### Instructions for the task
Repeat each record below exactly, omitting whatever pictures appear in it.

+++ Material for the task

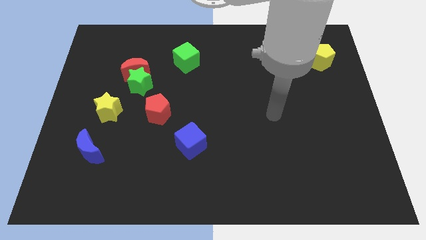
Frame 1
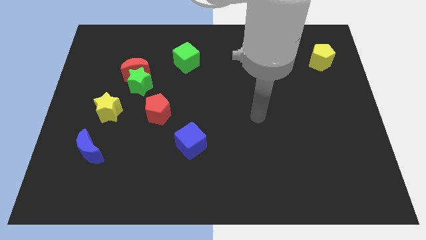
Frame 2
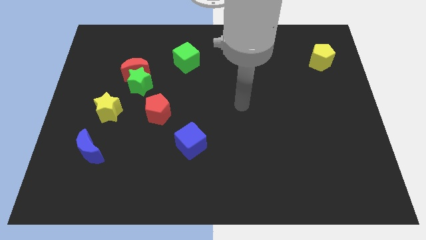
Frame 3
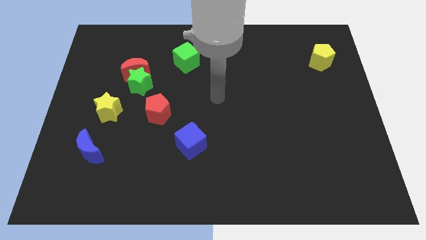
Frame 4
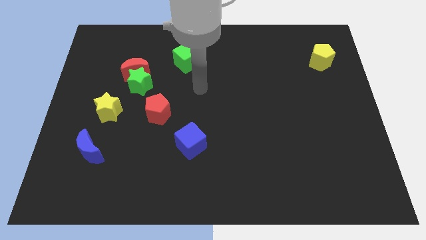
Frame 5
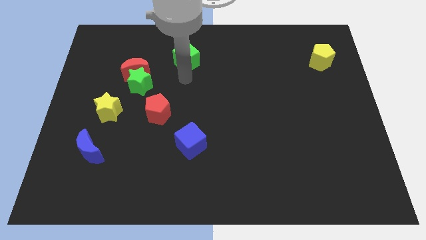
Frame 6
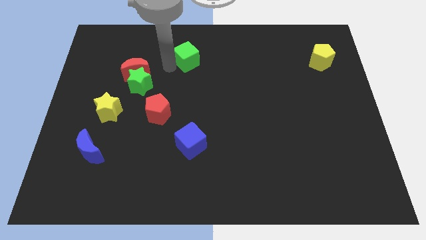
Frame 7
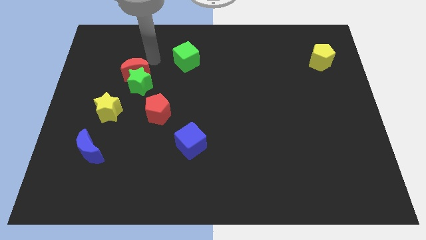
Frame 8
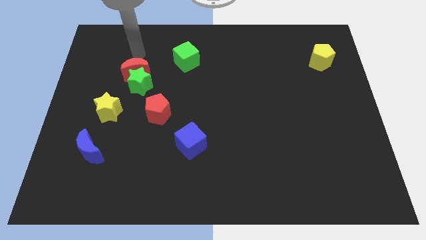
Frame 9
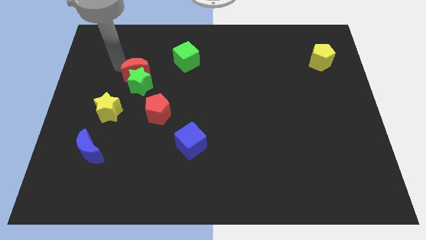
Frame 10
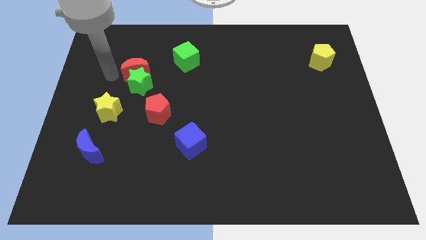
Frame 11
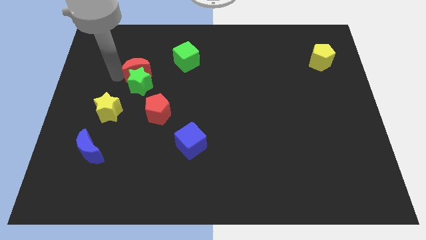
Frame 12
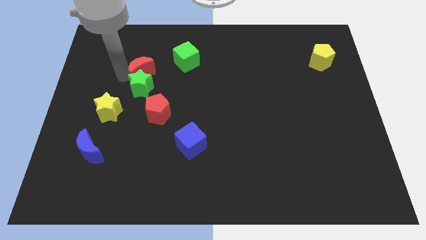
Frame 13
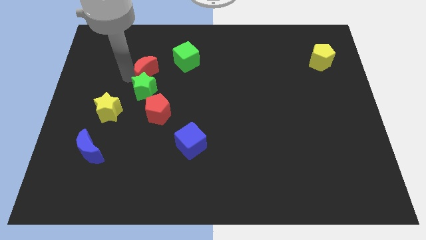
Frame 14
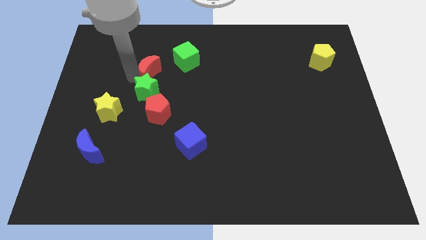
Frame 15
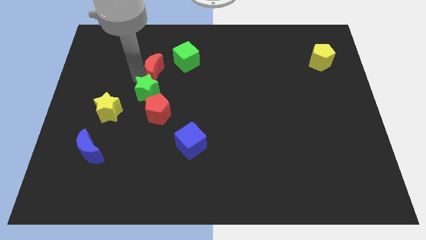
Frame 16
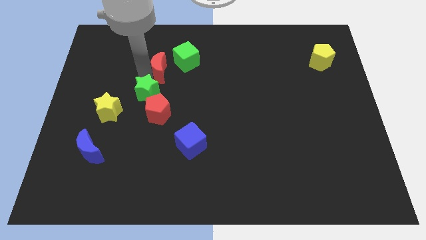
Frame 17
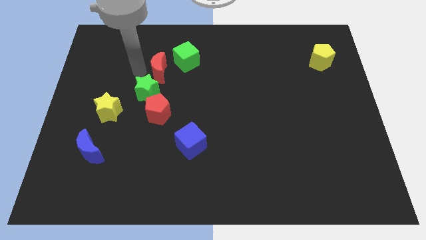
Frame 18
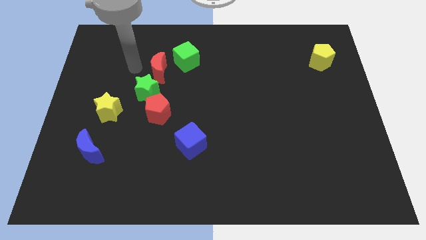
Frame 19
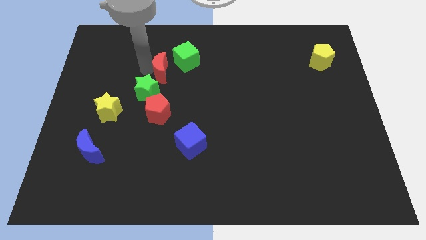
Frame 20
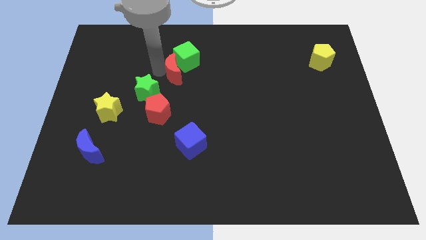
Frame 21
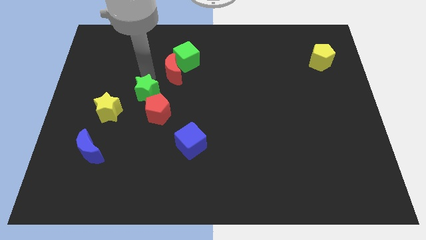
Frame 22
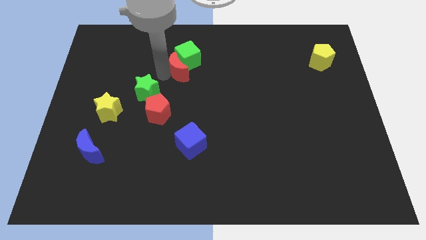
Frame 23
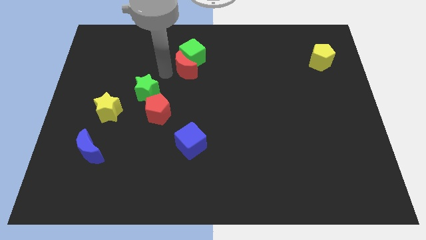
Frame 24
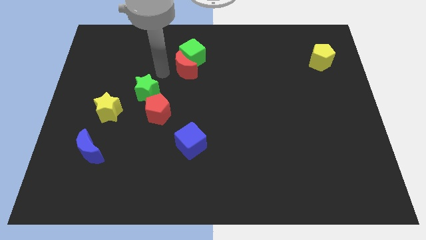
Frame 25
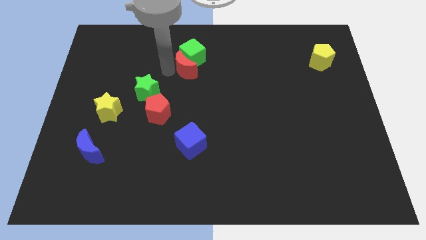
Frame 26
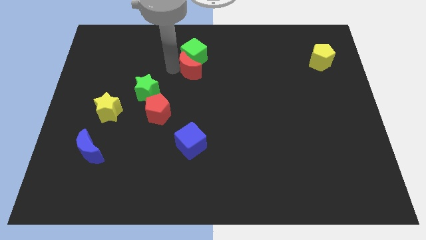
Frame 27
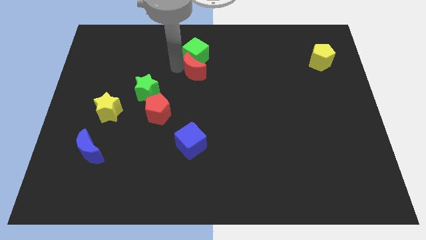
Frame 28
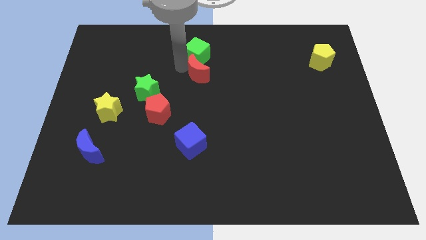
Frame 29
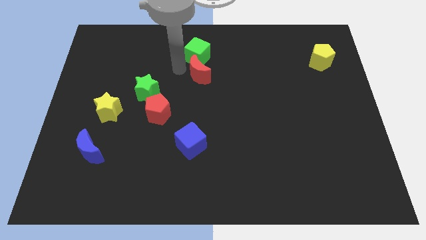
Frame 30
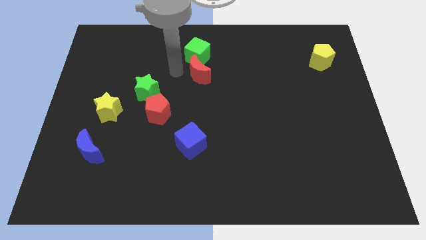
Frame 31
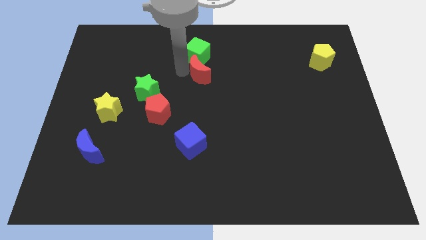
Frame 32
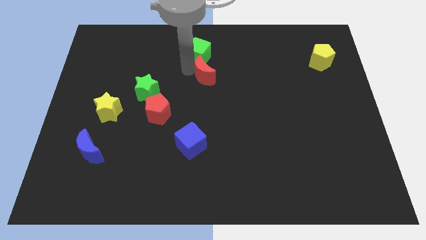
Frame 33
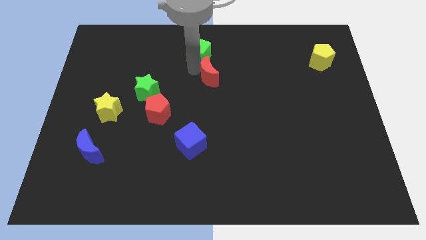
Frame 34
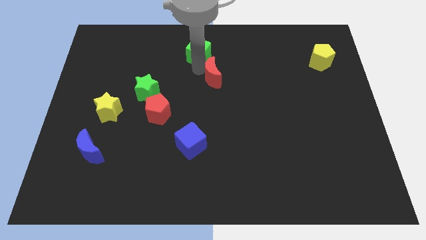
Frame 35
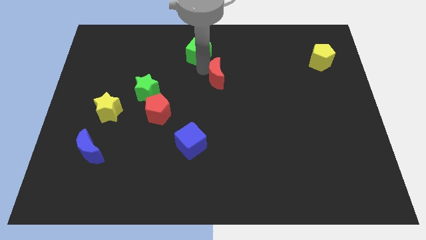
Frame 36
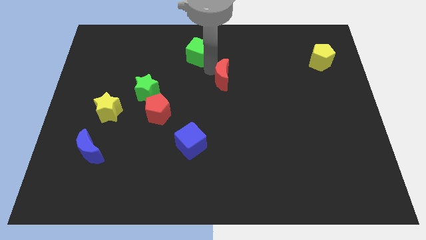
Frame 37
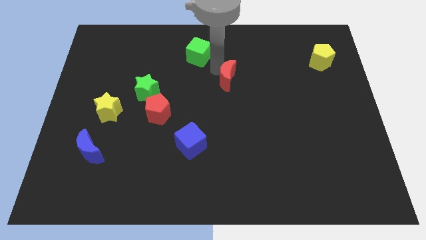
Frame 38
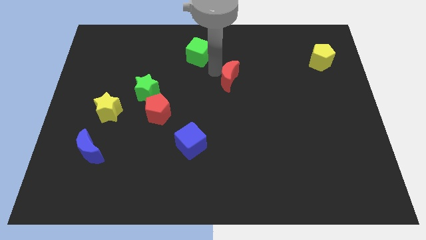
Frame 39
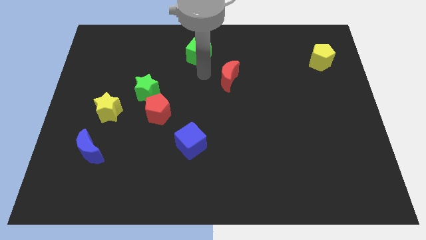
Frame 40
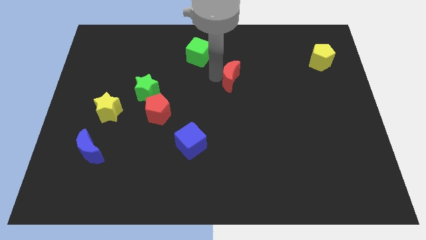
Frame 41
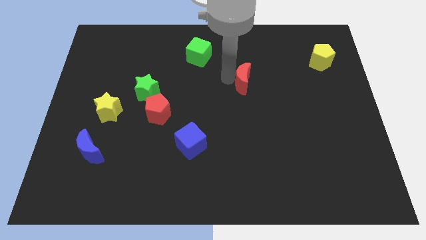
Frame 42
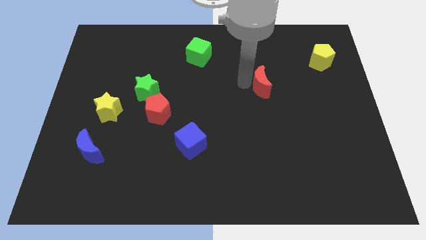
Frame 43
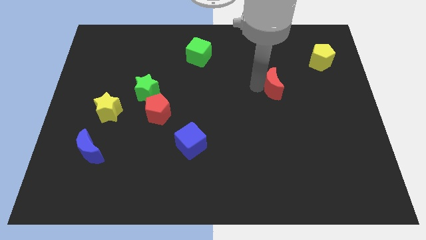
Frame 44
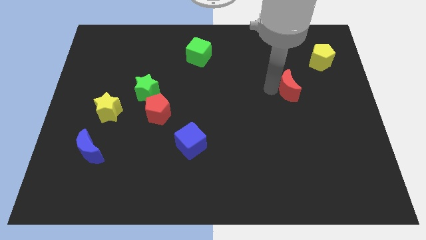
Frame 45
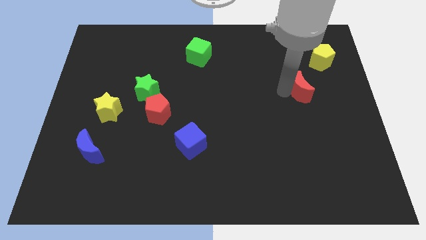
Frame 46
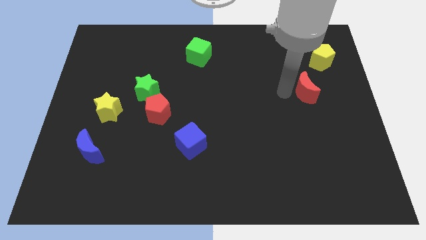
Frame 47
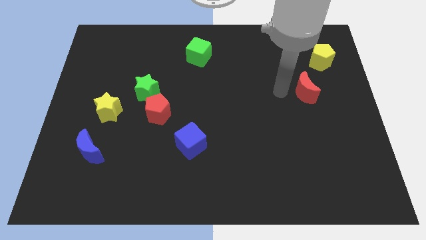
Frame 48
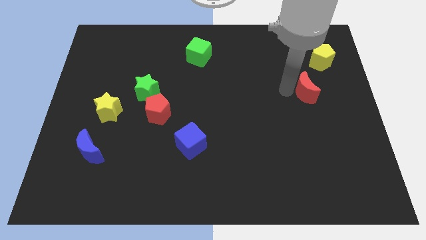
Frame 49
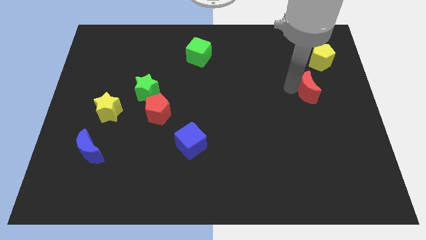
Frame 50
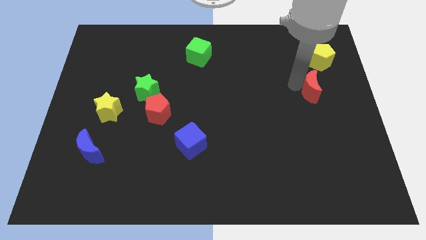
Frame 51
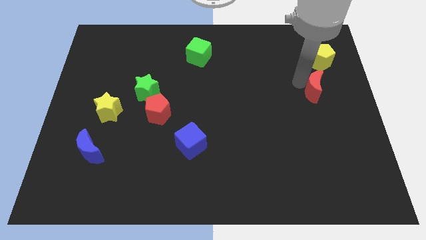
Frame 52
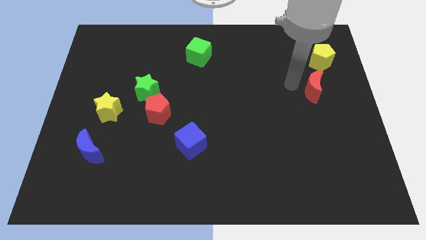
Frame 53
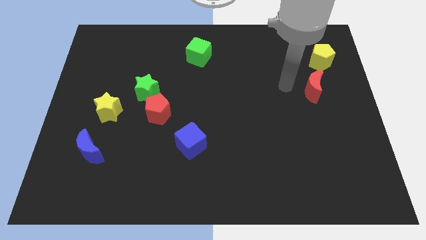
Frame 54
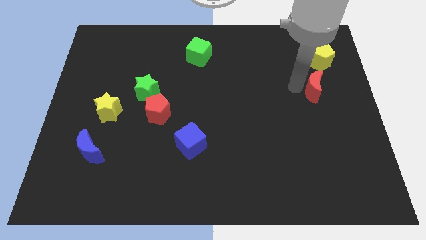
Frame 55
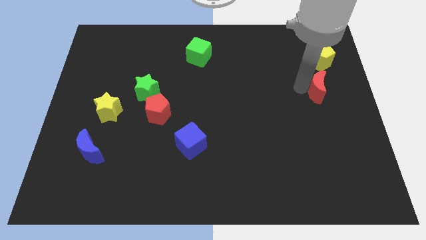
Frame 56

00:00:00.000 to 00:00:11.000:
move the red moon to the right side of the board

++++++

### Output for this exercise
Frame 1
Frame 2
Frame 3
Frame 4
Frame 5
Frame 6
Frame 7
Frame 8
Frame 9
Frame 10
Frame 11
Frame 12
Frame 13
Frame 14
Frame 15
Frame 16
Frame 17
Frame 18
Frame 19
Frame 20
Frame 21
Frame 22
Frame 23
Frame 24
Frame 25
Frame 26
Frame 27
Frame 28
Frame 29
Frame 30
Frame 31
Frame 32
Frame 33
Frame 34
Frame 35
Frame 36
Frame 37
Frame 38
Frame 39
Frame 40
Frame 41
Frame 42
Frame 43
Frame 44
Frame 45
Frame 46
Frame 47
Frame 48
Frame 49
Frame 50
Frame 51
Frame 52
Frame 53
Frame 54
Frame 55
Frame 56

00:00:00.000 to 00:00:11.000:
move the red moon to the right side of the board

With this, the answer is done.